L’usine Michelin de Joué-lès-Tours (1 400 salariés) devient, avec le site de la Roche-sur-Yon (85), la principale unité de fabrication de pneus poids lourd du groupe en France. “Nous allons passer nos volumes de 700 000 pneus/an à plus d’un million” explique ainsi Jacques Cambazar, le directeur des sites de Joué et de Poitiers (86). Cette augmentation s’accompagne d’un repositionnement sur le haut-degamme. “Jusqu’alors, nos produits étaient plutôt destinés aux marchés des pays en voie de développement. Désormais, une partie importante des volumes sera commercialisée en Europe de l’Ouest” poursuit Jacques Cambazar. Cette mutation s’est accompagnée d’un important programme d’investissement: près de 30 M€ par an depuis cinq ans ; ce rythme devrait être maintenu pendant deux ou trois ans.
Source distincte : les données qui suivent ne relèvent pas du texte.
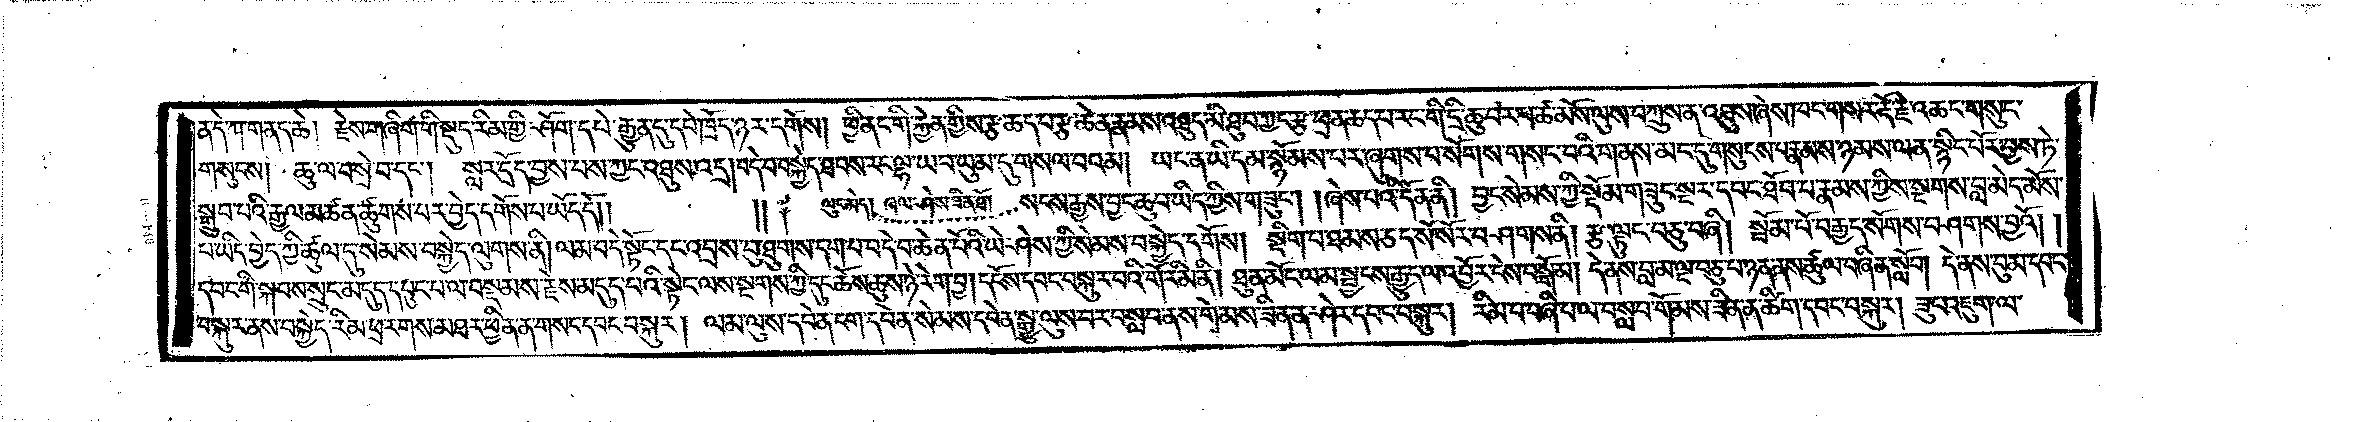ན་དེ་ཀ་གནད་ཆེ། རྗེས་གཞིག་གི་སྡུད་རིམ་གྱི་ཤོག་དཔེ་རྒྱུན་དུ་དཔེ་ཁྲོད་ཉར་དགོས། ཕྱི་ནང་གི་རྐྱེན་གྱིས་རྩ་ཆད་པ་རྩ་ཆེན་རྣམས་འཐུད་མི་ཐུབ་ཀྱང་རྩ་ཕྲན་ཆད་པ་རང་གི་དྲི་ཆུ་བར་པ་ཚ་མོས་ལུས་བཀྲུས་ན་འཐུས་ཞེས་ཁང་གསར་རྡོ་རྗེ་འཆང་གསུང་
གསུངས། ཆུ་ལ་བསྲེ་བ་དང་། སླར་དྲོད་བྱས་པས་ཀྱང་འཐུས་འདྲ། བདེ་བ་བསྐྱེད་ཐབས་རང་ལྷ་ཡབ་ཡུམ་དུ་གསལ་བའམ། ཡང་ན་ཡི་དམ་སྙོམས་པར་ཞུགས་པ་སོགས་གསང་བའི་གནས་མང་དུ་གསུངས་པ་རྣམས་ཉམས་ལན་སྙིང་པོར་བྱས་ཏེ་
སྒྲུབ་པའི་རྒྱལ་མཚན་ཚུགས་པར་བྱེད་དགོས་པ་ཡོད་དོ།། ༈ །།སངས་ལུང་མེད།  ཞལ་ཤེས་ཟིན་ཐོ།  རྒྱས་བྱང་ཆུབ་ཡིད་ཀྱིས་གཟུང་། །ཞེས་པའི་དོན་ནི། བྱང་སེམས་ཀྱི་སྡོམ་གཟུངས་སྔར་དབང་ཐོབ་པ་རྣམས་ཀྱིས་སྔགས་ཟླ་མེད་མོས་
པ་ཡིད་བྱེད་ཀྱི་ཚུལ་དུ་སེམས་པ་བསྐྱེད་ལུགས་ནི། ལམ་བདེ་སྟོང་དང་འབྲས་བུ་ཐུགས་དག་པ་བདེ་བ་ཆེན་པོའི་ཡེ་ཤེས་ཀྱི་སེམས་བསྐྱེད་དགོས། སྡིག་པ་ཐམས་ཅད་སོ་སོར་བཤགས་ནི། རྩ་ལྟུང་བཅུ་བཞི། སྦོམ་པོ་བརྒྱད་སོགས་བཤགས་བྱའོ། །
དབང་གི་སྐབས་སྲུང་མདུད་དཔུང་པ་ལ་བསྡམས་རྗེས་མདུད་པའི་སྟེང་ལས་སྔགས་ཀྱི་དུང་ཆོས་ཆུས་ཉེ་རེག་བྱ། དངོས་དབང་བསྐུར་བའི་གོ་རིམ་ནི། ཐུན་མོང་ལམ་སྦྱངས་རྒྱུད་ལ་འབྱོར་ངེས་བསྒོམ། དེ་ནས་བླ་མ་ལྔ་བཅུ་པ་ཉན་ནས་ཚུལ་བཞིན་སློབ། དེ་ནས་བུམ་དབང་
བསྐུར་ནས་བསྐྱེད་རིམ་ཕྲ་རགས་མཐར་ཕྱིན་ན་གསང་དབང་བསྐུར། ལམ་ལུས་དབེན་ངག་དབེན་སེམས་དབེན་སྒྱུ་ལུས་བར་བསླབ་ནས་གེམས་ཟིན་ན་ཤེར་དབང་བསྐུར། རིམ་པ་བཞི་པ་ལ་བསླབ་གོམས་ཟིན་ན་ཚིག་དབང་བསྐུར། ཟུང་འཇུག་ལ་

L’usine de Joué-lès-Tours est aussi en passe d’intégrer 150 salariés de l’usine de Poitiers, dont la fermeture, annoncée en juin 2005, devrait être effective dans les prochaines semaines. Cette dernière, également spécialisée dans le pneu poids lourd, employait 480 salariés. Une soixantaine de personnes resteront attachées à Poitiers sur une plateforme logistique. Si l’on ôte du décompte initial 130 salariés éligibles aux mesures d’âge, il ne restait donc, à la fin 2005, que 290 salariés poitevins à reclasser. Chacun d’entre eux s’est vu offrir 3 ou 4 mutations internes (dont Joué-lès-Tours). Seulement 180 personnes ont accepté l’une ou l’autre de ces propositions (150 sur Tours, 30 sur d’autres sites). A l’issue du transfert, les effectifs jocondiens resteront cependant à l’identique. “Nous devons accroître notre compétitivité” prévient Jacques Cambazar : les départs à la retraite et la non-reconduction de contrats d’intérim vont ainsi contrebalancer l’arrivée des salariés poitevins.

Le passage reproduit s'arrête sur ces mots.